Deixa sangrar até morrer: a não morte materna de Paloma Alves Moura, por Emanuelle Góes

23 de outubro, 2025 Portal Catarinas Por Emanuelle Góes

Paloma Alves Moura, mulher negra, deu entrada em um hospital. Sentia muita dor e sangramento intenso. Sem atendimento adequado, morreu no mesmo dia.

Das imagens que vemos em filmes ou nos livros que lemos, quando uma mulher realiza um aborto e chega com sangramento no hospital, a cena costuma ser a mesma: ela abandonada em uma maca ou em um canto qualquer, sangrando até morrer.

Essa poderia ser uma cena de ficção, mas com certeza foi o cenário da morte de Paloma Alves Moura, uma mulher negra de 46 anos, que deu entrada em um hospital com muita dor e sangramento intenso.

“Ao longo do dia, foram usados mais de três lençóis, todos completamente encharcados de sangue” relatou a acompanhante. Sem atendimento adequado e oportuno correspondente à gravidade de sua situação, Paloma teve uma parada cardíaca e morreu no mesmo dia.

Apesar do enquadramento elaborado pelo pré-julgamento dos profissionais de saúde, ela não estava gravida, logo não poderia ter realizado um aborto.

E se fosse uma hemorragia por aborto induzido? Da mesma forma, os profissionais não deveriam julgar e punir, e sim cuidar, seguir com condutas médicas para salvar vidas porque esse é o exercício da profissão.

A moralidade que se estabelece nos serviços de saúde tem base nas discriminações explícitas e implícitas que julgam e punem, muitas pessoas morrem por isso. Um corpo negro que sangra entre as pernas sempre pode esperar: “ela aguenta”. “Suportar mais um pouquinho” é a máxima.

Sabe-se que em uma situação de quadro hemorrágico, o tempo é crucial e a demora no atendimento coloca as mulheres e outras pessoas que gestam em risco de agravamento do quadro de saúde, consequentemente de morte materna e outras mortes relacionadas.

O motivo da procura de Paloma pelo serviço de saúde foi a endometriose, que tem como um dos principais danos o sangramento vaginal intenso, além de dores consideradas incapacitantes. Estima-se que 8 milhões de mulheres enfrentam endometriose no Brasil. Os diagnósticos no país têm aumentado 76% desde 2022.

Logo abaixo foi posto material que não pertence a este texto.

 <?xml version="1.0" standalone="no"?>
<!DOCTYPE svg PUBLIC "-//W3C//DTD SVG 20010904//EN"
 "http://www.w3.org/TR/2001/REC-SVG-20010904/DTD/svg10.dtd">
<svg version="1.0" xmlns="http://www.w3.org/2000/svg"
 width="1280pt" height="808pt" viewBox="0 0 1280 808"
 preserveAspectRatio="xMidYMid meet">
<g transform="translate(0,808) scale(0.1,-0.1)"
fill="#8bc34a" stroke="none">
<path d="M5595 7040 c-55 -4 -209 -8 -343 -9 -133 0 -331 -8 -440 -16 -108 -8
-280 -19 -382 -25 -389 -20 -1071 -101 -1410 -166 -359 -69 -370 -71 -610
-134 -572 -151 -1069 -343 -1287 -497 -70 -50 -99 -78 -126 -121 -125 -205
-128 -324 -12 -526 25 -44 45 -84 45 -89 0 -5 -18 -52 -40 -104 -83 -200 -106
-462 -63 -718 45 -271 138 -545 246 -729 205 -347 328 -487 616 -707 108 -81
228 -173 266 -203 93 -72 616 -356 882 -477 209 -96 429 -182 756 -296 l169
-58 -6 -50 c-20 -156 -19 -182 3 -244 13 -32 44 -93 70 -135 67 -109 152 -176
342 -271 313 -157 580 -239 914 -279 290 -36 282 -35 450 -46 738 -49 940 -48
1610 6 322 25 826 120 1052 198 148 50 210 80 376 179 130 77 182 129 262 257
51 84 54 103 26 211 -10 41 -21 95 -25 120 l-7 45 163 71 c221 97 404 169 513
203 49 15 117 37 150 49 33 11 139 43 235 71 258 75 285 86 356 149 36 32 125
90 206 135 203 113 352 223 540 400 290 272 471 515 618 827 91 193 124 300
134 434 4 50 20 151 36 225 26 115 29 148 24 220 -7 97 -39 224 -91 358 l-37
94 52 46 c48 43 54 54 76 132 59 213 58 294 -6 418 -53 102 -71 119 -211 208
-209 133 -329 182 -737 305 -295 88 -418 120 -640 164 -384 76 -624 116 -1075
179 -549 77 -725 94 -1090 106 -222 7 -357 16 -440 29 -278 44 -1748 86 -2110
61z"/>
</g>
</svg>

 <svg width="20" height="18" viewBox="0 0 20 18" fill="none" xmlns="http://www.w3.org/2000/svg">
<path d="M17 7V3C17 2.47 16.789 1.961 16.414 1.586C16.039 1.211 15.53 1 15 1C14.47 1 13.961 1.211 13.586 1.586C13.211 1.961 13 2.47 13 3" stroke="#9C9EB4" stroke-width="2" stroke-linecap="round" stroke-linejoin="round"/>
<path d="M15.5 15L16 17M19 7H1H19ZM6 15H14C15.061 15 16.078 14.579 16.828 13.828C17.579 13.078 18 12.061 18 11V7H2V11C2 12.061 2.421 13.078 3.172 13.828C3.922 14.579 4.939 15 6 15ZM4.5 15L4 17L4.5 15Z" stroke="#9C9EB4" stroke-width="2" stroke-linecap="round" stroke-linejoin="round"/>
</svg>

Em 2024 , foram mais de 18 mil internações; dessas, 13,6% precisaram de atendimento de urgência, e foram registrados 29 óbitos com o diagnóstico da doença. Sabemos que o crescimento dos casos de endometriose é uma realidade no Brasil e em outros países, mas isso é assunto para outro texto.

O sangramento vaginal é um dos principais motivos de mulheres procurarem um hospital por consequência de um aborto induzido ou mesmo aborto espontâneo. O estudo GravSus, pesquisa da minha tese de doutorado — um estudo multicêntrico realizado em três capitais do Nordeste brasileiro: Salvador (Bahia), Recife (Pernambuco) e São Luís (Maranhão) — aponta que mais de 50% das mulheres foram procurar atendimento por causa desse sintoma. A morte materna em decorrência do aborto está associada principalmente ao retardo no atendimento, pois foi identificado a demora dos profissionais dos serviços em diagnosticar e tratar as complicações no tempo oportuno.

O estigma e a criminalização, penal e moral, do aborto fazem com que mulheres e pessoas com útero morram em consequência do pré-julgamento de profissionais nos serviços de saúde, seguida de uma tomada de decisão baseada no deixar viver, deixar morrer.

É neste contexto que a história de Paloma se enquadra. A suspeita de que ela teria realizado um aborto fez com que ela enfrentasse os mesmos retardos e negligências vividos por mulheres que chegam aos serviços de saúde em situação de abortamento, principalmente as mulheres negras. Neste caso, temos a sinergia entre o estigma do aborto e o racismo institucional.

A moral, a criminalização e o estigma do aborto contaminam os serviços assim como autorizam os profissionais de saúde a adotarem condutas que colocam em risco a vida das mulheres e de pessoas com útero.